Repeat every entry exactly. Pictures stay out.

BEGIN

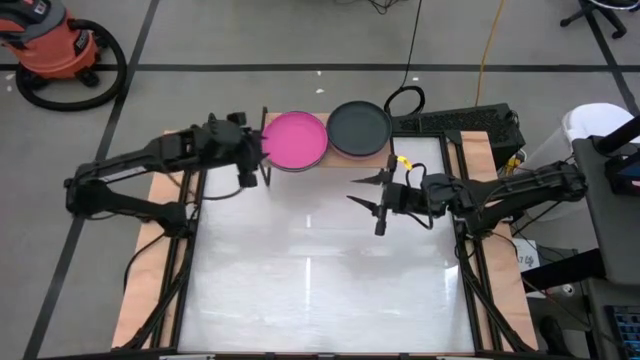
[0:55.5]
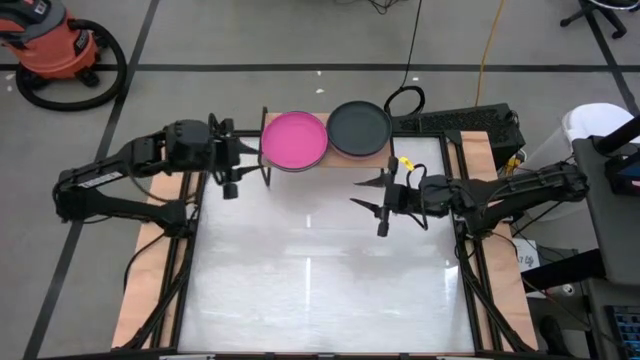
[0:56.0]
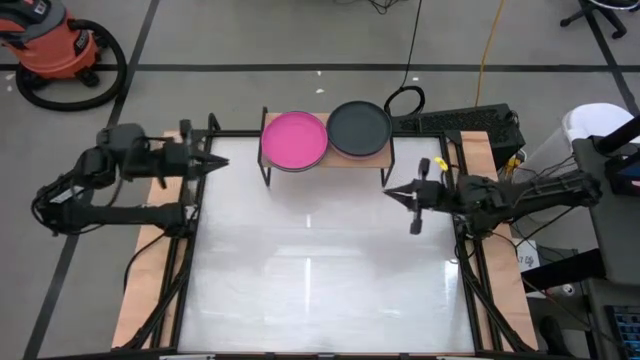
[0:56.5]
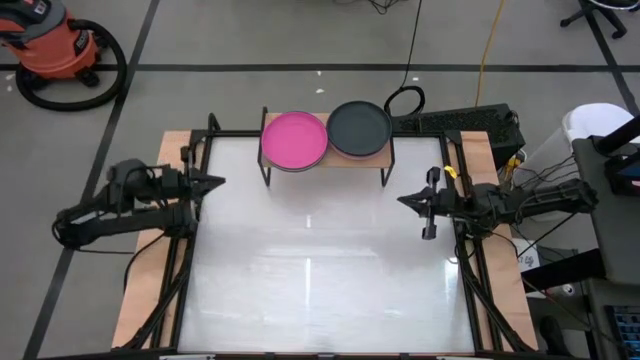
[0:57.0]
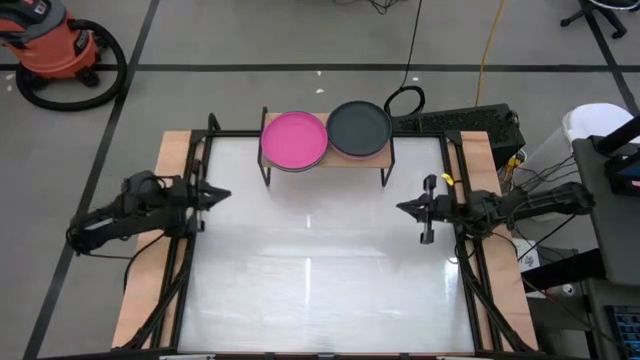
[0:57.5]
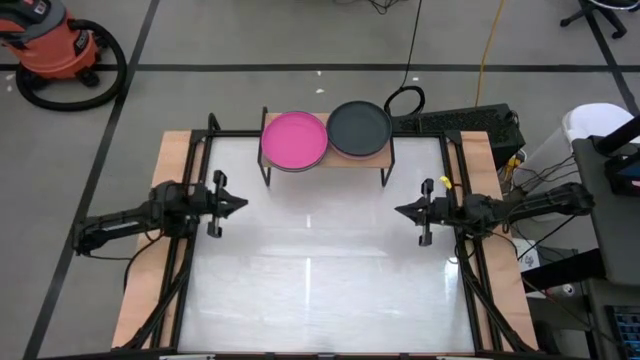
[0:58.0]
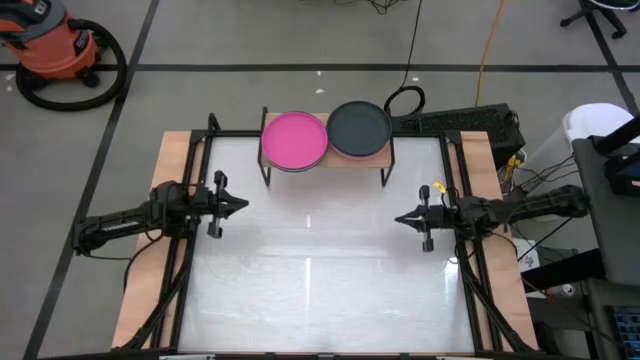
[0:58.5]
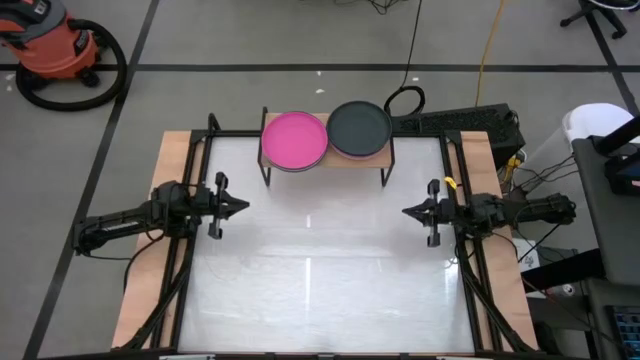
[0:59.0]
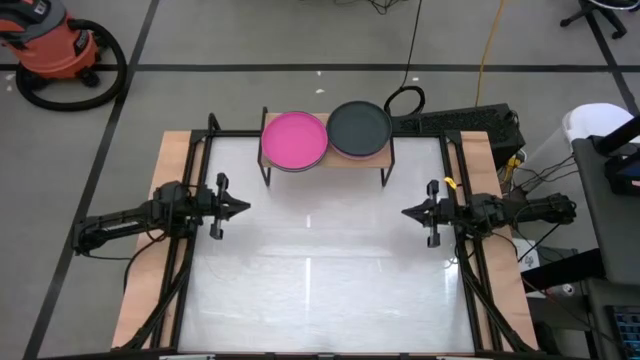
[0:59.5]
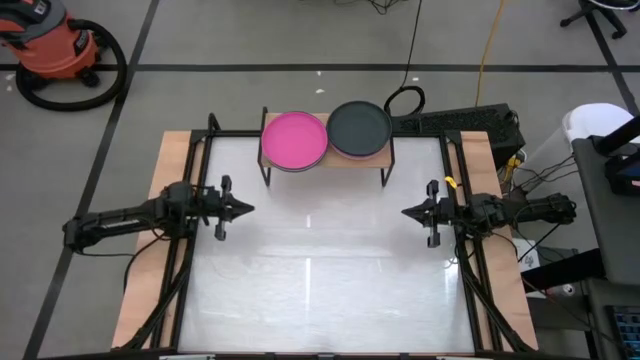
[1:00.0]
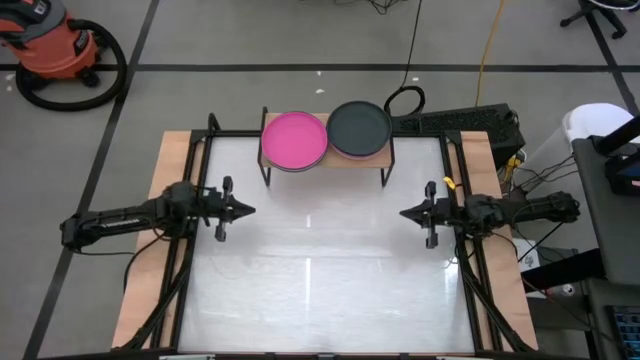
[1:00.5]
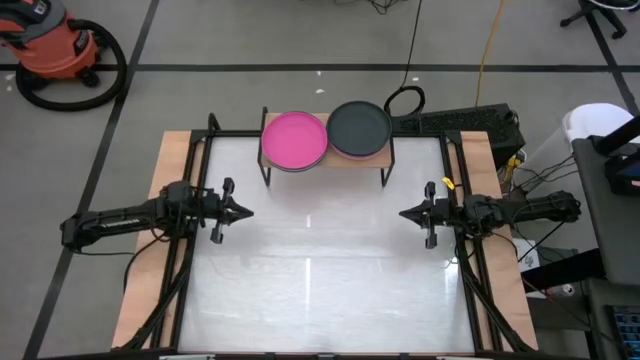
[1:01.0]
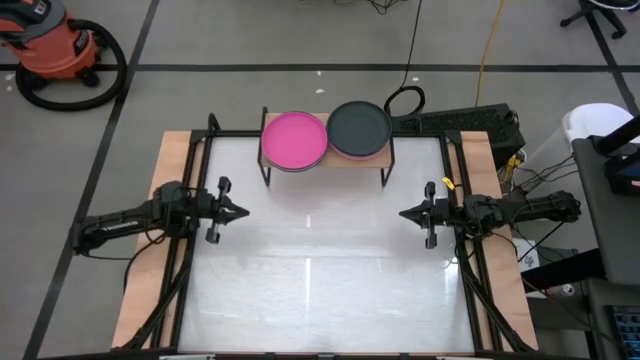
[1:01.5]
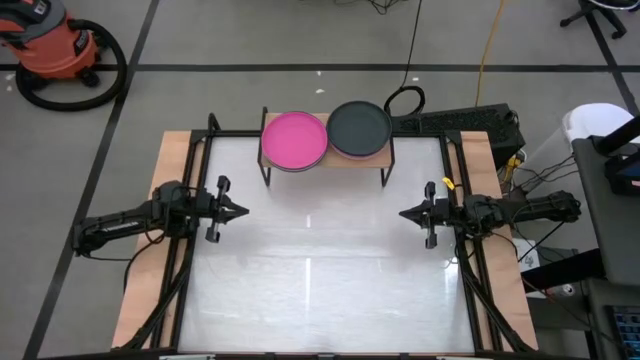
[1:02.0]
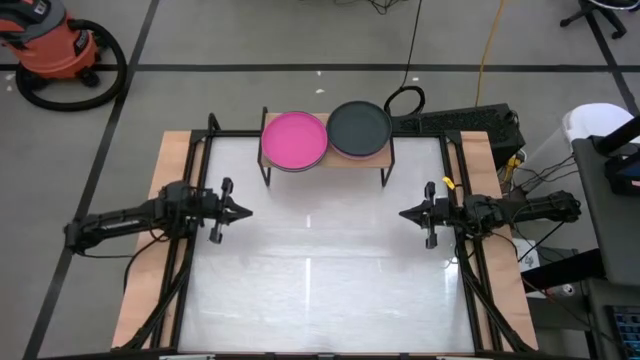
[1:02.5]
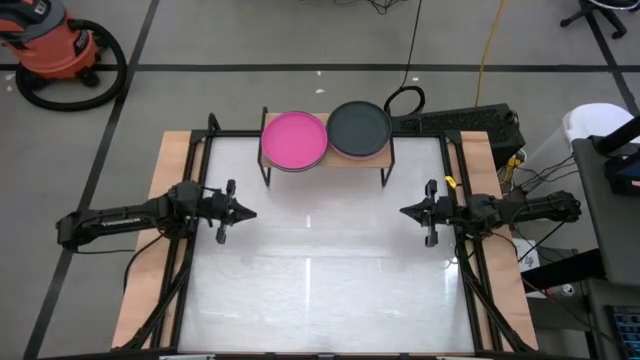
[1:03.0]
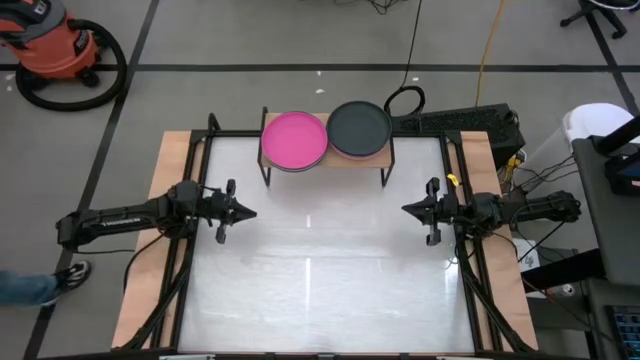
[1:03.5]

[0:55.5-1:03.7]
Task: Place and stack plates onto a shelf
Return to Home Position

END

- WRITTEN REPLY -
[0:55.5]
[0:56.0]
[0:56.5]
[0:57.0]
[0:57.5]
[0:58.0]
[0:58.5]
[0:59.0]
[0:59.5]
[1:00.0]
[1:00.5]
[1:01.0]
[1:01.5]
[1:02.0]
[1:02.5]
[1:03.0]
[1:03.5]

[0:55.5-1:03.7]
Task: Place and stack plates onto a shelf
Return to Home Position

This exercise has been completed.